There is a word for people that are unduly “upset” by events around them. “Snowflake” is the polite version.

“It was the best of tomes, it was the worst of tomes…”

“the 2017 bestseller Why I’m No Longer Talking to White People About Race by Reni Eddo-Lodge”

It would seem cruel of me to read it, and break her streak.

George_Kaplan | August 22, 2022 at 8:41 pm

Do the White fragility books come with trigger warnings?

Given the concept is inherently racist it’s hard to defend granting such texts privileged status. And yes I realise the Left love their double standards.

Ha, ha, ha, ha, snort!
The classical books of American Civilization are too upsetting?
How about the fact that great art should cause an emotional reaction?
That this is a good thing?
That this called growth and it only happens with some turmoil

It’ll start with classical books, but, really, it’s all books. Books are dangerous, they have dangerous ideas in them, sometimes they make you unhappy.

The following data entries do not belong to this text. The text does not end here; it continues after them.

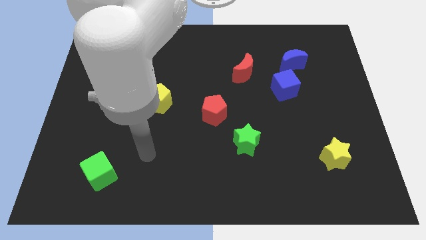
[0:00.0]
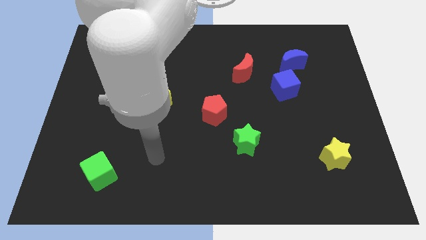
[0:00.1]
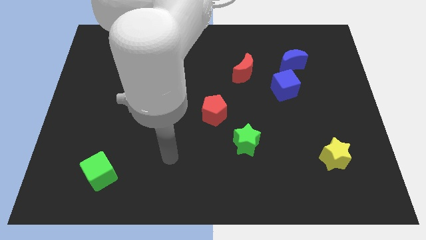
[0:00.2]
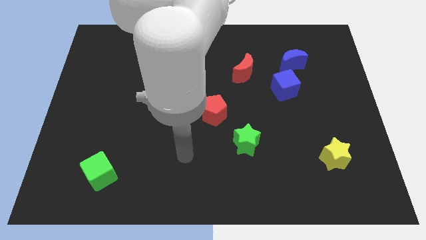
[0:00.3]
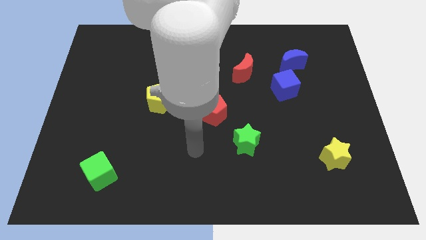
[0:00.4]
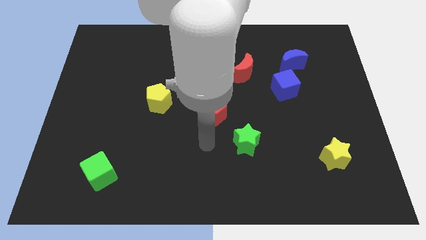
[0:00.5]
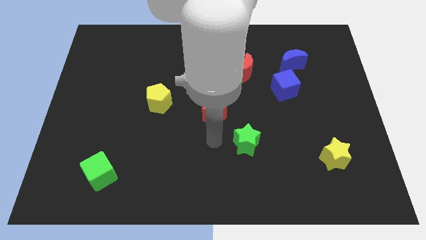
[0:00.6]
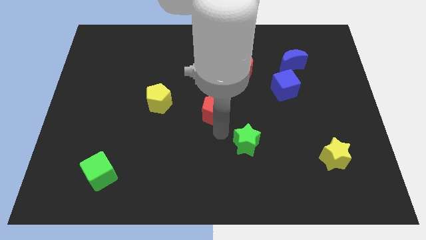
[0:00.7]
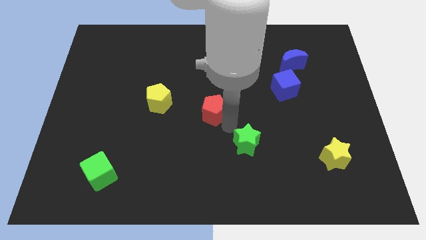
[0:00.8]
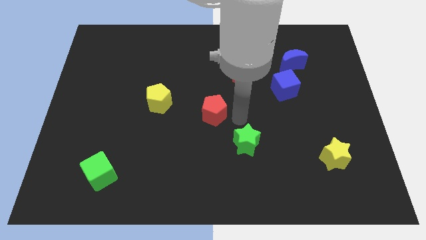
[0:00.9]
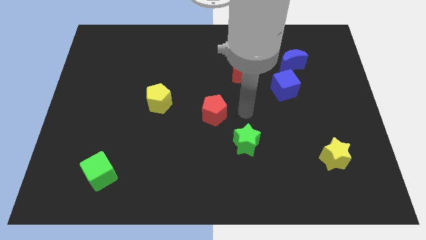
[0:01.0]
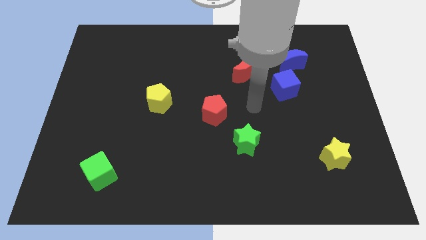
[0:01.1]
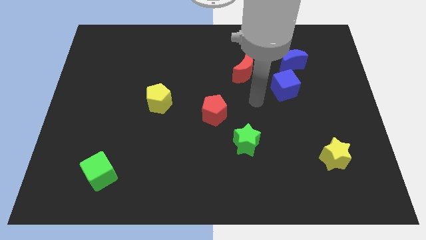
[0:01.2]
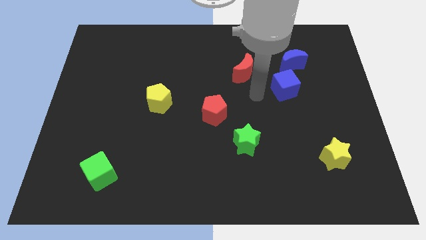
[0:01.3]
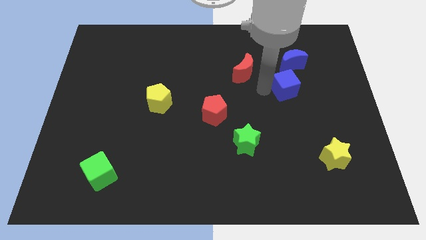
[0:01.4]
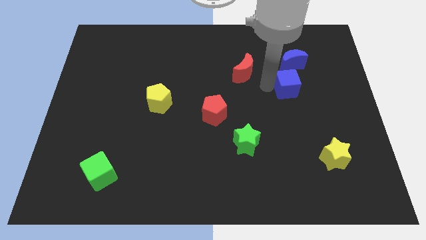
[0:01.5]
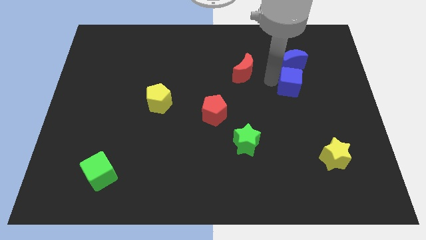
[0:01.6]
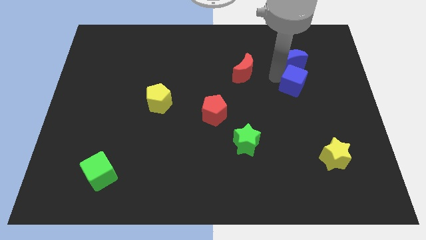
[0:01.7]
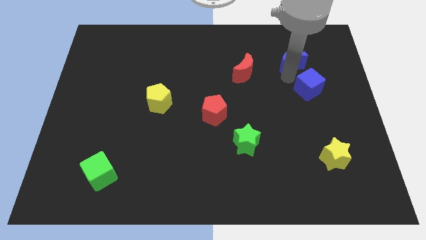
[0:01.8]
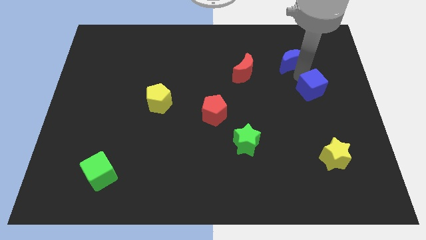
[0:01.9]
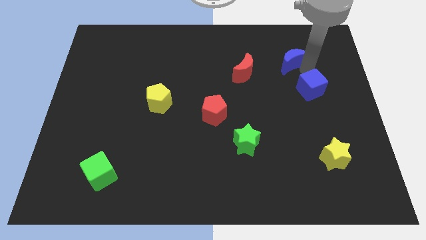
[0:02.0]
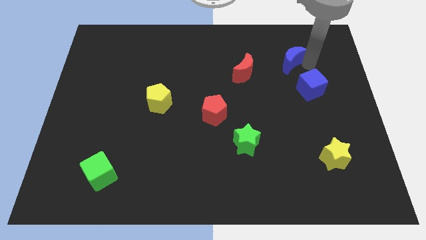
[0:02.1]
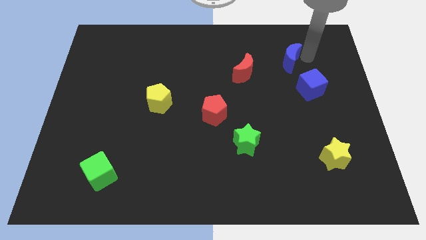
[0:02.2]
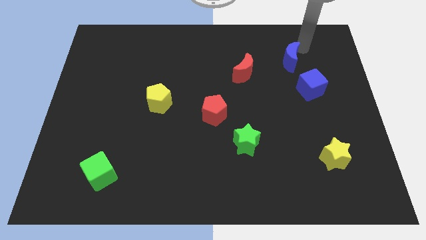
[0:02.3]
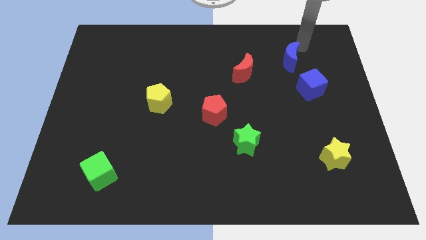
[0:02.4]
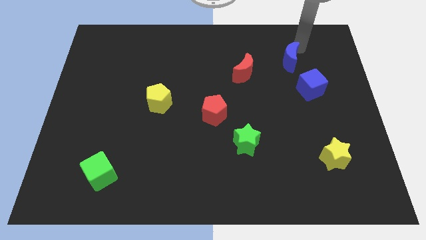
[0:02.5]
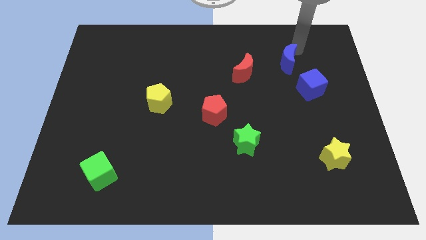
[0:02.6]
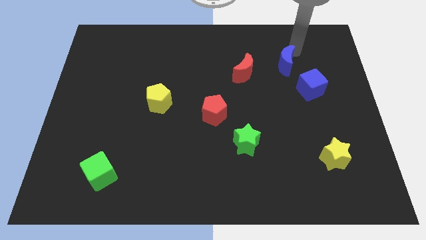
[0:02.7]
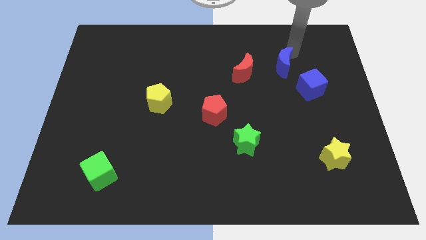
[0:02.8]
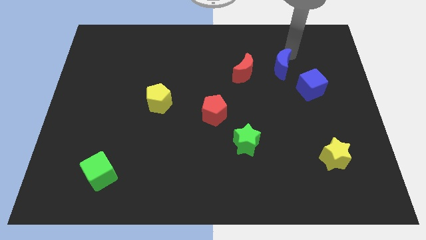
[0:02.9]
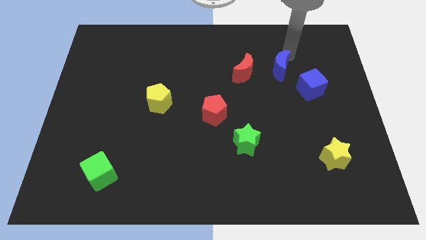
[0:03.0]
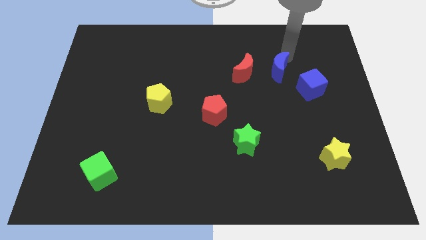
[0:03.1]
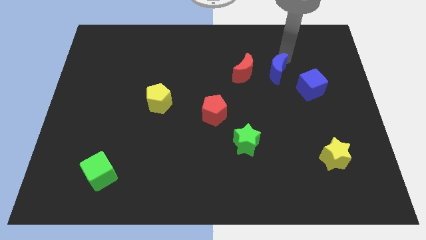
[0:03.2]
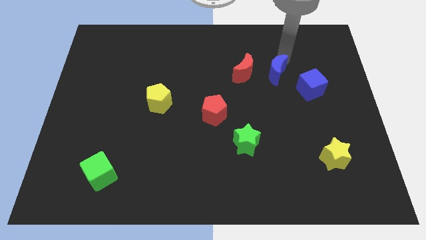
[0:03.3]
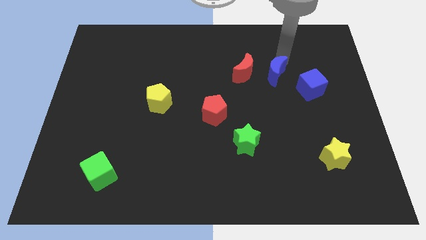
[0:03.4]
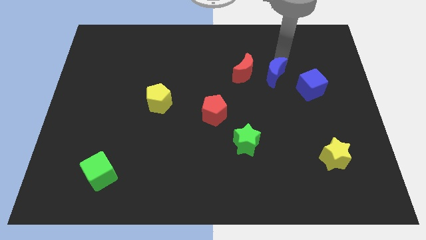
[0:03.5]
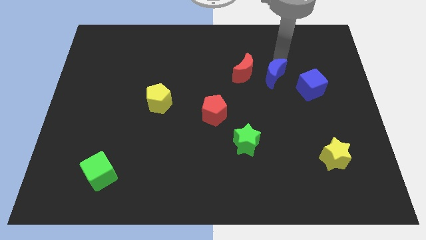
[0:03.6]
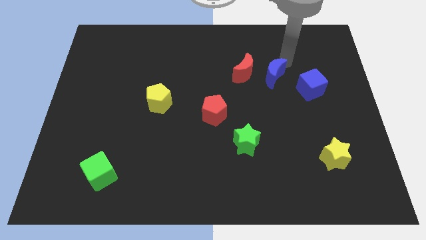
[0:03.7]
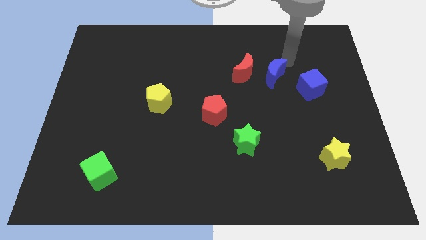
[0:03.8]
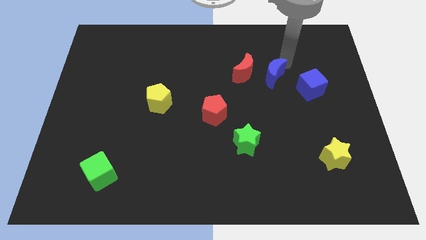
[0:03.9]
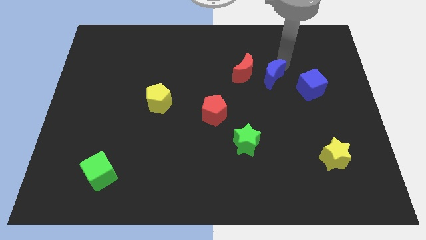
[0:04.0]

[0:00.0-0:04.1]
slightly push the blue moon downwards and then left

Better to watch a movie. Major movies cost $100s of millions to make, and who’s going to take a chance with that kind of money at risk? Best to just make something safe, something that will ‘offend’ no one.

“You don’t have to burn books to destroy a culture. You just have to get people to stop reading them.” –

“A book is a loaded gun in the house next door. Burn it. Take the shot from the weapon.”

“School is shortened, discipline relaxed, philosophies, histories, languages dropped, English and spelling
gradually neglected, finally almost completely ignored. Life is immediate …”

“Don’t step on the toes of the dog-lovers, the cat-lovers, doctors, lawyers, merchants, chiefs, Mormons, Baptists, Unitarians, second-generation Chinese, Swedes, Italians, Germans, Texans, Brooklynites, Irishmen, people from Oregon or Mexico. The people in this book, this play, this TV serial are not meant to represent any actual painters, cartographers, mechanics anywhere.

The bigger your market . . . the less you handle controversy, remember that! All the minor minorities with their navels to be kept clean. Authors, full of evil thoughts, lock up your typewriters. They did. Magazines
became a nice blend of vanilla tapioca. Books, so the damned snobbish critics said, were dishwater. No wonder books stopped selling, the critics said.”

Ray Bradbury (or some of his characters) on books.